Depending on the nature of the goods, we recommend that you consider retention of title of the goods or consider establishing a floating charge as security for any future payments.
Further, we generally recommend limiting any credit to customers during the period of returning to business.
Depending on the contractual conditions between the supplier and the customer, the supplier may change the period of credit or require down payment in whole or in part of the purchase price upon delivery.
Depending on the contractual conditions between the supplier and the customer, the supplier may require a standing bank guarantee or similar covering any amount the customer owes to the supplier.
Depending on the relation between the supplier and the customer, the supplier should keep an ongoing dialogue with the customer to keep the supplier updated on the customer’s financial situation. Accordingly, the supplier has a better opportunity to assess the solvency and mitigate the risk of delivering goods on credit.
We recommend that you keep a close dialogue with all suppliers essential to your business.
Avoid making any upfront payments to secure necessary deliveries.
Depending on the contractual conditions between the supplier and the customer, the customer may seek to expand the period of credit. In any case, the customer should not make any prepayments before the goods have been delivered.
If prepayment is made by the customer, the customer must secure the individualization of the goods as soon as possible to secure the title to the goods in case the supplier is declared bankrupt before the goods are delivered.
In general, the legal disputes will be determined based on the facts at the time of the commencement of the dispute. As such, if the dispute is for example due to a matter of force majeure, it will still need to be decided by the courts so generally legal disputes will not be affected by restrictions being lifted.
We always recommend that you try to seek an amicable solution to a dispute with your suppliers or customers to secure and maintain future business relations.
Irrespective of restrictions being lifted, the disputes will continue with the courts until they have been settled or until the court has made its decision.
In any circumstance, you should give notice to your contracting party if you have suffered a loss under the contract.

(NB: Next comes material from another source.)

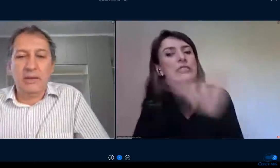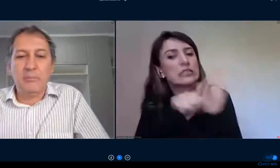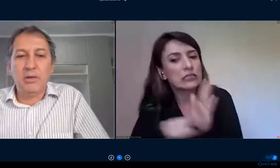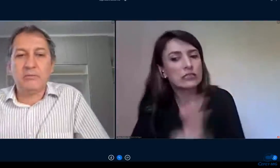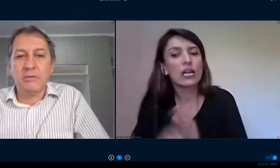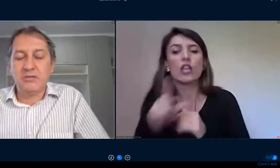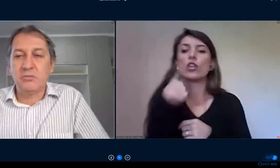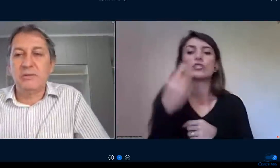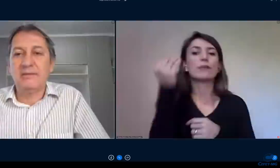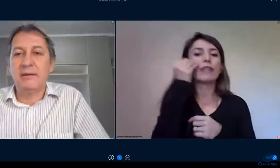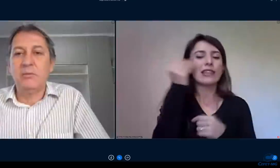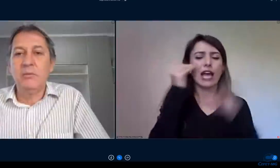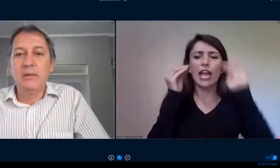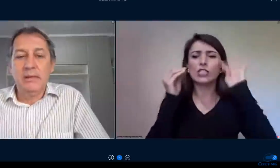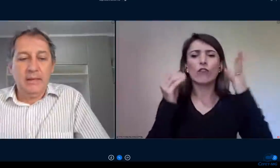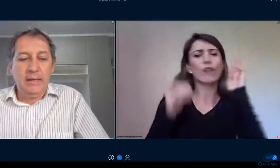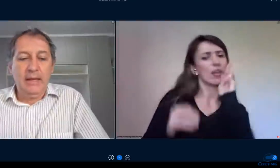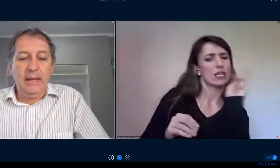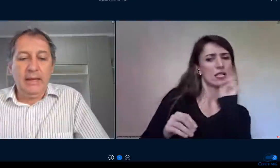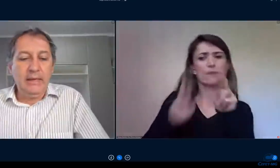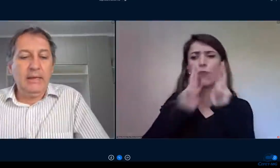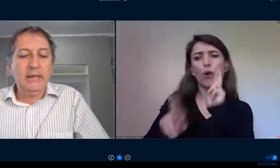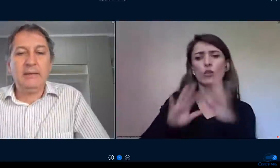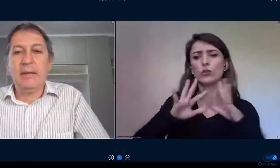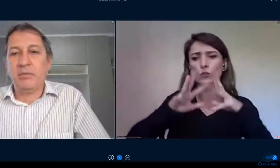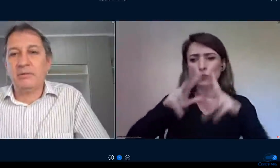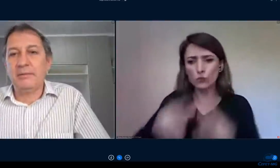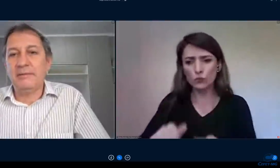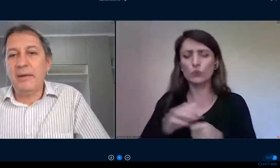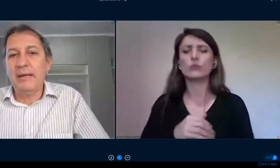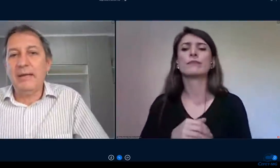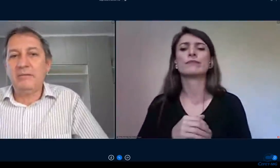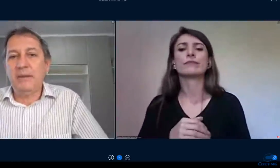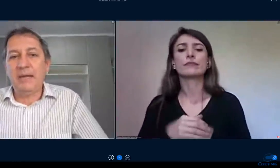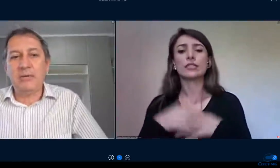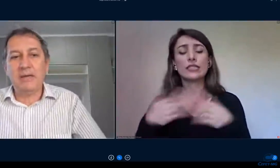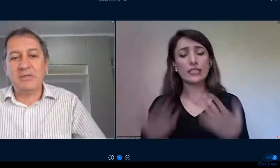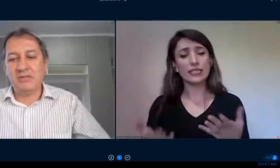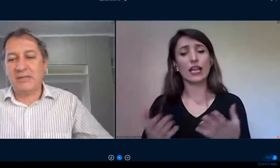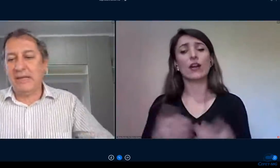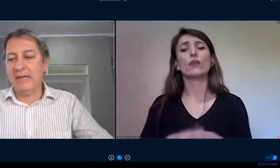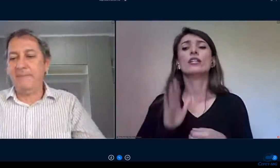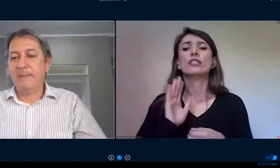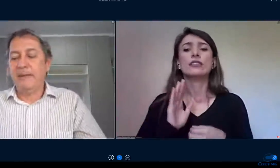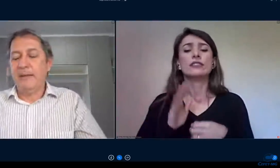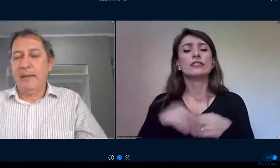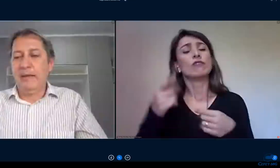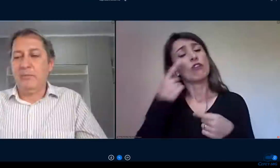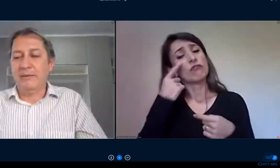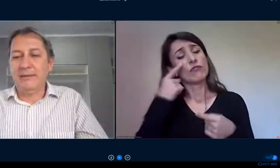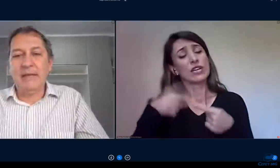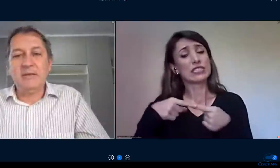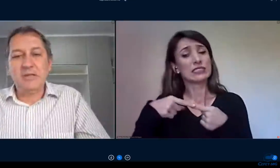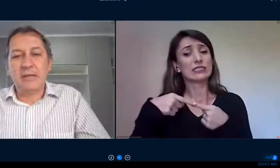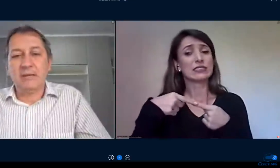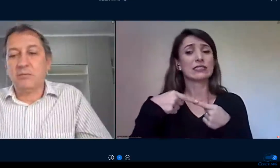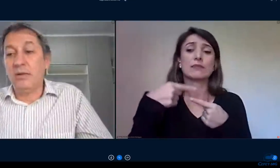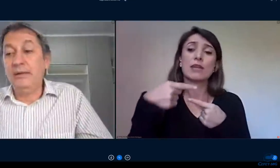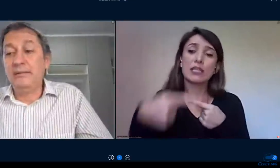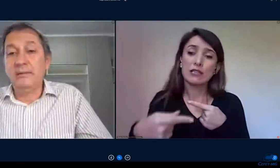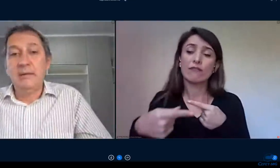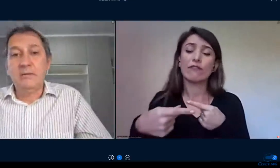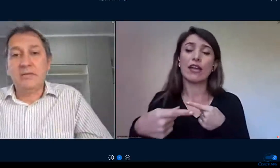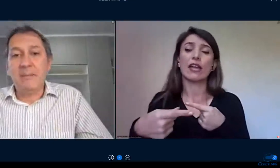do ensino remoto na instituição e na próxima semana espero que a gente tenha uma série de

Depending on the position of your contracting party, you should contact your legal advisor to seek guidance to initiate legal proceedings.
Danish law does provide for mass claims being raised. However, our view is that the risk of facing mass claims due to COVID-19 or the restrictions is very limited.
We recommend that you record the changes made to contracts due to COVID-19 and incorporate the changes in future contract management to be prepared if a situation like the COVID-19 occurs.
During the process of returning to normal, we recommend you consider managing your contracts in accordance with previous principles and refrain from deviations from previous processes in order not to expose the business to unnecessary risks.
We recommend considering the wording in the force majeure clause to include specific and relevant wording related to pandemic situations like the COVID-19.
If you supply products, we recommend you include the COVID-19 situation in the definitions of force majeure in relevant contracts. If you are a customer on the other hand, we recommend you exclude such wording to secure delivery and remedies in the event of non-delivery.